Wait a minute. That seems like a lot of work. Why write
down everything twice? Because it solves a big problem: Most
people count on their checking account balance to tell them
how much money they have to spend. They stop spending when
the account is empty. But the checking account balance doesn't
tell you what you need to know. It includes money that's meant
for giving, and possibly for savings. You need to know what
you can spend, not what you have.
Your SPEND register shows you the proper figure.
This extra step serves another purpose: By writing down
everything you spend, you become more aware of your
spending habits. With some quick addition, you can figure out
exactly how much you really spend on food or
clothes or entertainment, or any other drain on your funds.
Without that knowledge, you can't make a decent budget or
determine how fast you're spending your cash. Your SPEND
register is your financial speedometer.
One more thing about your SPEND account. It doesn't have
to be a single account. If you have lots of expenses and live on
a very tight income, you may want to create multiple accounts,
each with its own register: Housing, Transportation, Food, Fun,
Taxes (sorry), etc. This will help you set aside the right amount
of money for each type of expense.
Getting Started
There's at least one flaw in this money-management
system: It takes more effort to explain it than it takes to use it.
So enough explaining. If you'd like to take control of your
finances, give more of your money, save for your dreams and
still have something left over to buy colorful clothes, then give
it a try. It's four simple steps:
- GET: Deposit all income into your checking
account.
- GIVE: Deposit a portion of every dollar into this virtual
account, record deposits and withdrawals in its register.
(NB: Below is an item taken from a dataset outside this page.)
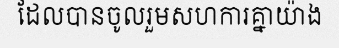
ដែលបានចូលរួមសហការគ្នាយ៉ាង

- SAVE: Transfer a portion of every dollar into a savings
account; if you have more than one investment, record all
transactions in a single register.
- SPEND: Subtract your giving and saving deposits from
every income deposit, then record what's left in your register;
record every expense as a withdrawal ... and don't spend more
than you have in this account.
As simple as this system is, it's still missing something: a
budget. How do you know how much to set aside
for giving and saving? What happens when your income isn't
enough to cover your commitments? How do you survive on an
income that fluctuates radically from month to month? All good
questions. A simple, workable budget will give you the
answers.
Until then, continue to track your money. Record
everything you get, give, save and spend. You'll need that
information to put together your budget, which we'll cover ever
so simply, in plain old black and white. Like my wardrobe.